Christian contemplative practice: the Our Father

Introduction

As a community organized around the Word of God, Christianity emphasizes the power of language to integrate individual humans into a larger whole. The most ancient Christian contemplative practices involve the deliberate repetition of traditional formulas of prayer, particularly the Psalms and the Our Father. The aim is not merely to pronounce the words, but to personally intend the meaning of the text, as Pope Benedict XVI explains (referencing his namesake, the 6th-century monk Benedict of Nursia):

"St Benedict, speaking in his Rule of prayer in the Psalms, pointed out to his monks: mens concordet voci, 'the mind must be in accord with the voice.' The Saint teaches that in the prayers of the Psalms words must precede our thought. It does not usually happen like this because we have to think and then what we have thought is converted into words. Here, instead […] the opposite is true, words come first. God has given us the word […] we must enter into the words, into their meaning and receive them within us, we must attune ourselves to these words; in this way we become children of God, we become like God." (Wednesday audience, September 26, 2012)

Note that this practice demands an act trust or faith, just like ordinary language acquisition, since it requires deliberately speaking words that one does not yet fully understand, initiating a process of cognitive transformation whose results cannot be comprehended in advance.

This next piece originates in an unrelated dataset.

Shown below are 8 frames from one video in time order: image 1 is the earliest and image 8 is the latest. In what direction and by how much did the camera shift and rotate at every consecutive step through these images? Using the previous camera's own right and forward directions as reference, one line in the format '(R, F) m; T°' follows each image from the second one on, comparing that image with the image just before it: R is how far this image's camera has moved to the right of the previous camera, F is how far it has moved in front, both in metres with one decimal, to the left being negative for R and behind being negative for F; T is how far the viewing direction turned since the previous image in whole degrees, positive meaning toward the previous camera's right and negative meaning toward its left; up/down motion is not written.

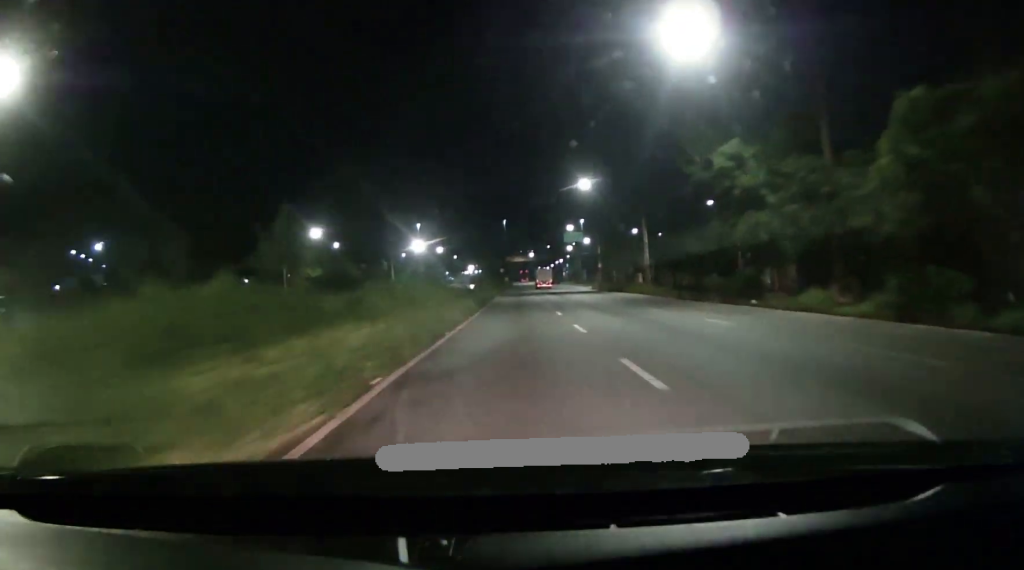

It is ordinarily carried out in a social context that supports this trust and that assists in the path to understanding, and may prove a particularly challenging practice to experiment with individually.

Instructions

This is a very brief practice, about 5 minutes per session, ideally repeated at least three times per day (in the morning, at mid-day, in the evening). Each session consists in the following three steps:

  1. Preparation: find a quiet place to sit down and spend about two minutes in a simple breath attention exercise (e.g., following this video).

  2. Recitation: stand up gently, fold your hands (or use them to hold a copy of the text), and speak the text of the prayer:

    Our Father, who art in heaven, hallowed be thy name,thy kingdom come,thy will be done on earth as it is in heaven.

    Give us this day our daily bread,and forgive us our trespasses as we forgive those who trespass against us,and lead us not into temptation,but deliver us from evil.

    As explained above, the efficacy of the practice requires dedicating full attention to the meaning of each phrase, addressing the words to the Father as if they were your own. This may require a prior review of the text to look up unfamiliar or archaic words, and to remember to open up words like father, heaven, kingdom and bread to their deepest symbolic sense. See the *Catechism of the Catholic Church* (Part IV, Section 2) for an in-depth explanation of each line.

  3. Conclusion: sit down for a minute to write down anything that occurred to you from the recitation, either hesitations/uncertainties about the text itself, or ideas that cast the events of your own day in a new light.